• [Dataset entries]:
○ ○ ○ ○ ○ ○ ○
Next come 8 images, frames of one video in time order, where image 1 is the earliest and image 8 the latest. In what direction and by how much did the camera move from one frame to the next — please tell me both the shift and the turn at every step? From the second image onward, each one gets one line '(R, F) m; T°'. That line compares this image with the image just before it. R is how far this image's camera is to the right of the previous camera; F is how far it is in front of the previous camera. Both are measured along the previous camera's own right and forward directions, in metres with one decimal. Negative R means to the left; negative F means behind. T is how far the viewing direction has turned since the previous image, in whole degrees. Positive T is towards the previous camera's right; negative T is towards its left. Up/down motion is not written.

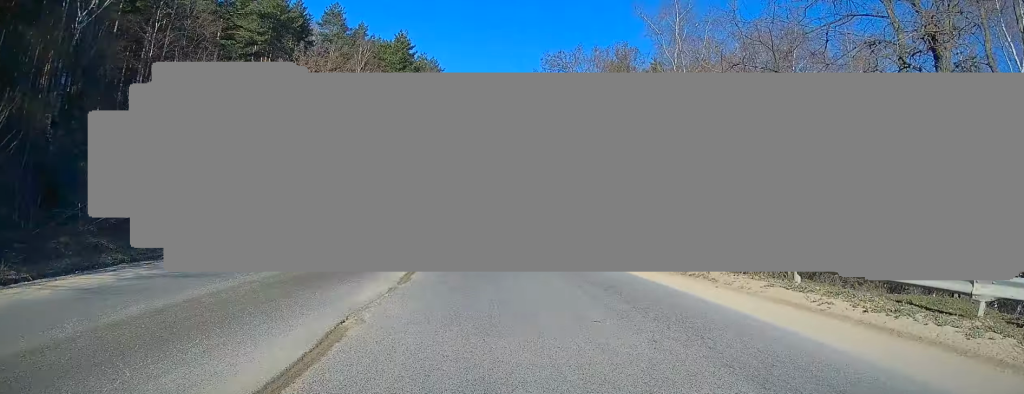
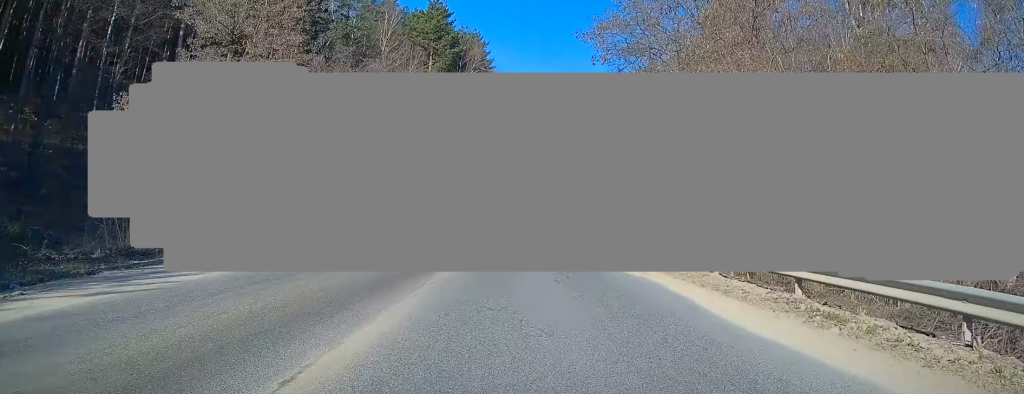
(-1.5, +16.9) m; -5°
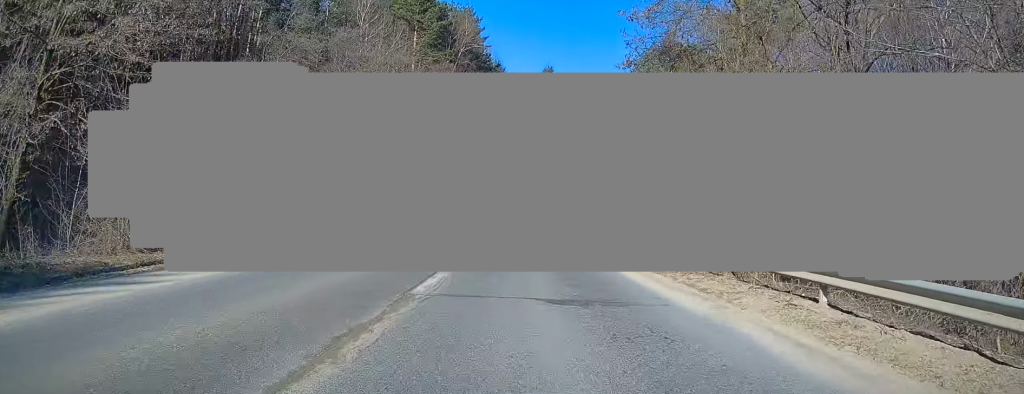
(-0.2, +9.6) m; 0°
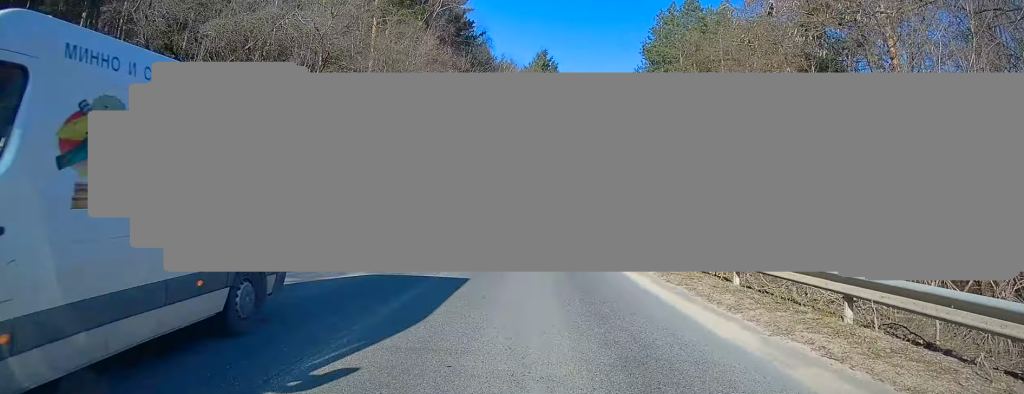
(+0.3, +13.5) m; +2°
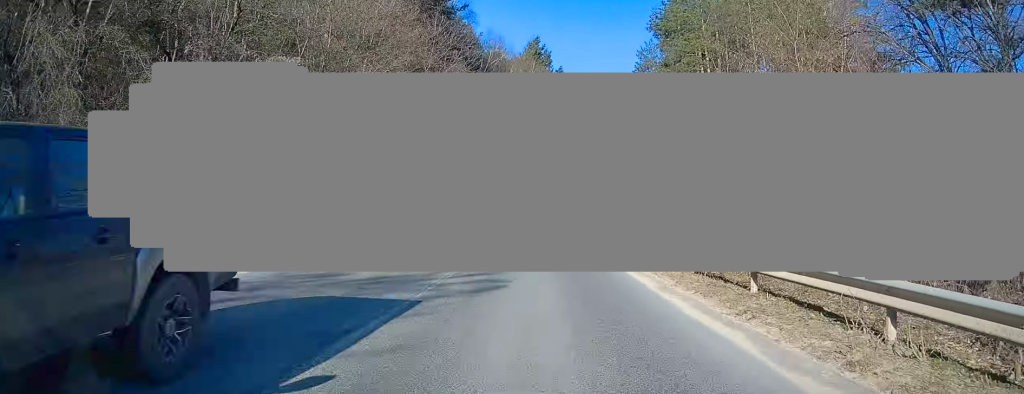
(+0.1, +9.2) m; +1°
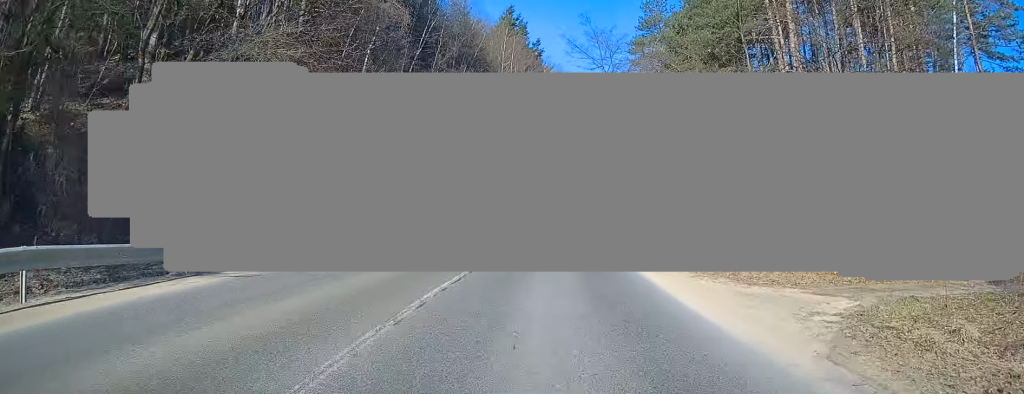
(+0.4, +16.2) m; +3°
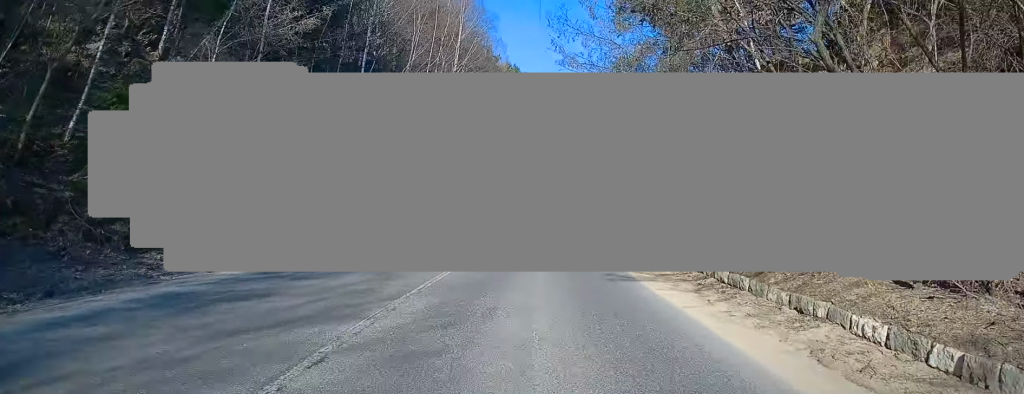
(+2.3, +29.4) m; +8°
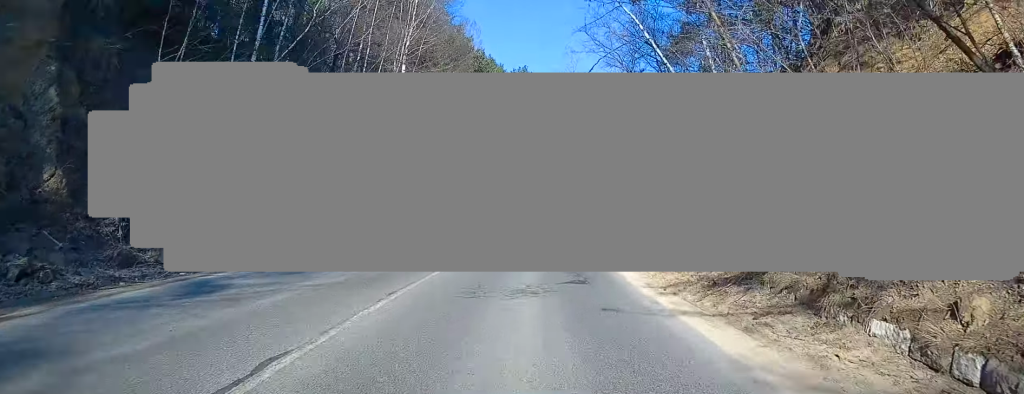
(+0.2, +8.7) m; +1°
○ ○ ○ ○ ○ ○ ○
• [Requirement]:
Retype the data above exactly. Do not carry over any images.

• [Solution to this exercise]:
Next come 8 images, frames of one video in time order, where image 1 is the earliest and image 8 the latest. In what direction and by how much did the camera move from one frame to the next — please tell me both the shift and the turn at every step? From the second image onward, each one gets one line '(R, F) m; T°'. That line compares this image with the image just before it. R is how far this image's camera is to the right of the previous camera; F is how far it is in front of the previous camera. Both are measured along the previous camera's own right and forward directions, in metres with one decimal. Negative R means to the left; negative F means behind. T is how far the viewing direction has turned since the previous image, in whole degrees. Positive T is towards the previous camera's right; negative T is towards its left. Up/down motion is not written.

(-1.5, +16.9) m; -5°
(-0.2, +9.6) m; 0°
(+0.3, +13.5) m; +2°
(+0.1, +9.2) m; +1°
(+0.4, +16.2) m; +3°
(+2.3, +29.4) m; +8°
(+0.2, +8.7) m; +1°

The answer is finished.